Author’s interview with think tank analyst, Brussels, 5 October 2010. 71

This new reinvention of the region (excluding the candidate countries Bulgaria, Romania and Slovenia) carried negative connotations for all of the countries concerned. Albania and Macedonia were already bound by agreements with the EU and hence “perceived the regional approach as a rather step backwards in their relations with Brussels, [while] Bosnia-Herzegovina and Croatia saw in this EU undertaking an attempt at reconstituting somehow a version of former Yugoslavia” (Fakiolas and Tzifakis, 2008 p.381). These two countries as countries which were not involved in warfare had signed agreements with the EU which contained exceptional conditions in relation to the regional stability, hence the respective governments expected to advance at a quicker pace than the rest of the region (For a detailed analysis of their agreements see Fierro, 2003). As a specific case, Croatia has traditionally since independence resisted accepting any association with the Balkan region or the other Yugoslav successors. According to Vlahutin (2004), “Croatia’s urge to distance itself from the underdeveloped and war-torn region [...] resulted from an assessment that inclusion in the Balkan grouping would necessarily drag Croatia down” (p.22).

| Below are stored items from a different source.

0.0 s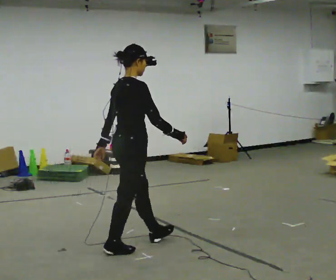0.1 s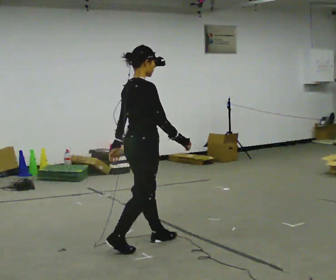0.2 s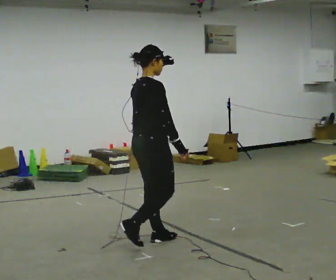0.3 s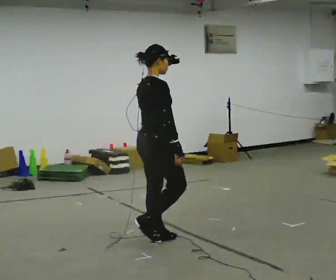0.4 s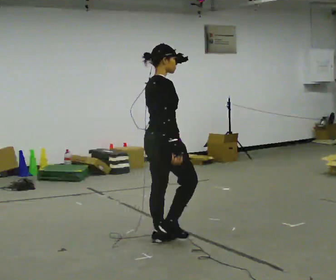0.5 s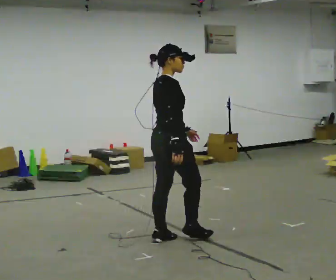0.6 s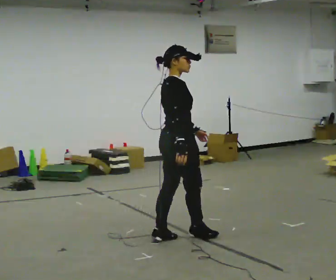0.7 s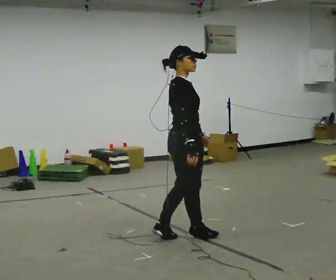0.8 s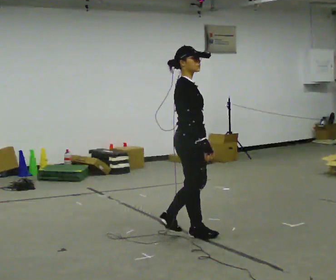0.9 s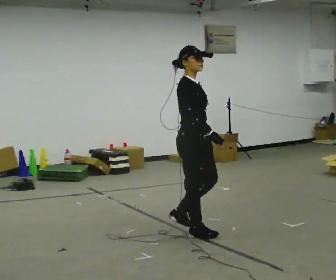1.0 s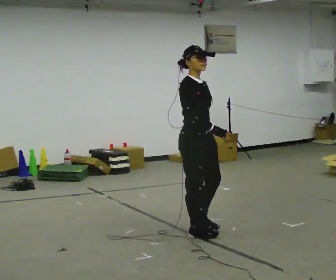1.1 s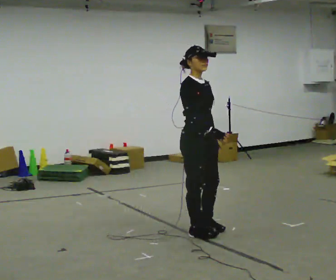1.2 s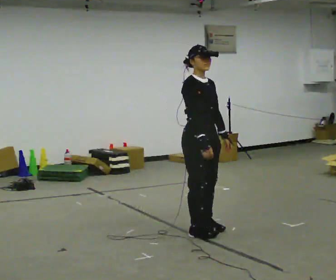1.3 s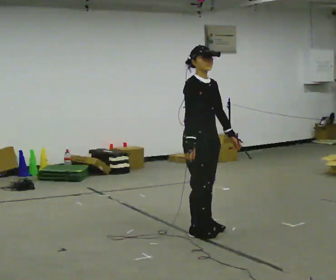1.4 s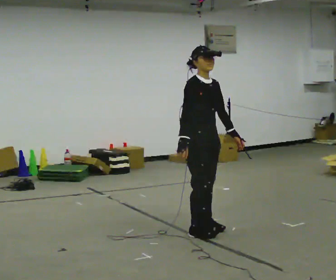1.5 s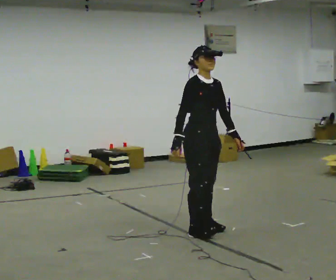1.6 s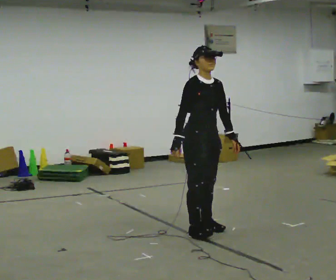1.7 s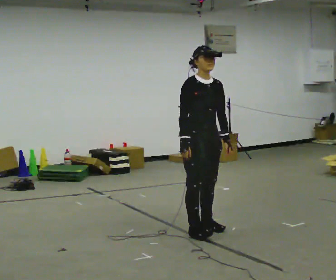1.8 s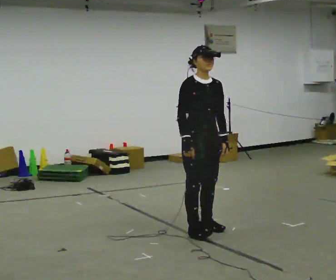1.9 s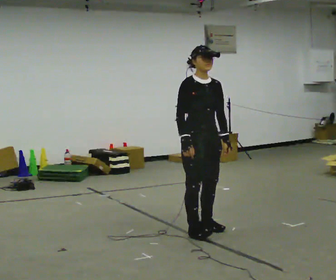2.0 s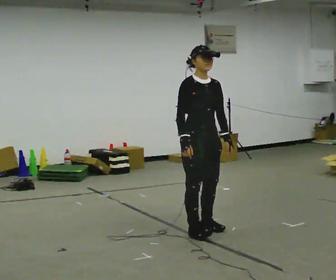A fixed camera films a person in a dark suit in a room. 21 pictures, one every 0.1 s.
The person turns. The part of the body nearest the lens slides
to the left.
The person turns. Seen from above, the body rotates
clockwise.
0.0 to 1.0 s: The person turns about 60 degrees to their right, clockwise seen from above, so the part of the body nearest the lens slides to the left. In the picture they go to the right and away from the camera, about 0.5 m in 2 steps, which for them is forward.
1.0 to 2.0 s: The part of the body nearest the lens slides to the left as the person turns to their right by about 30 degrees.
The film runs forward here.

In addition to its “collective dimension” the regional approach was also at the time of its launching considered as an inadequate mechanism of conditionality since it did not provide the basic incentive of the prospect of membership. “While refraining from extending the offer of membership, Brussels developed relations with the regional states both on an individual and collective basis” (Anastasakis and Bechev, 2003). Local experts have considered that the EU Regional Approach was vague with limited financial backing and most importantly offered no incentives to these countries to carry forward its main objectives (Uvalic, 2001). This has been a common critique in literature as to more recent periods of EU accession as well, in terms of “a fundamental commitment deficit: without a clear time frame regarding a future EU membership for the countries in the Western Balkans, the prospect of membership remains only an abstract possibility without palpable political implications” (Renner and Trauner, 2009 p.450).

This section has presented the contextual developments and literature’s take on the regional approach as the first monitoring and application of conditionality towards the region. It has presented the main elements of the regional approach, the context of its launching as well as the literature’s findings. Against this background, the following section will present the empirical analysis of the content of the reports on the case study countries in order to establish

whether there is any evident form of a minority policy conditionality developed in the period studied.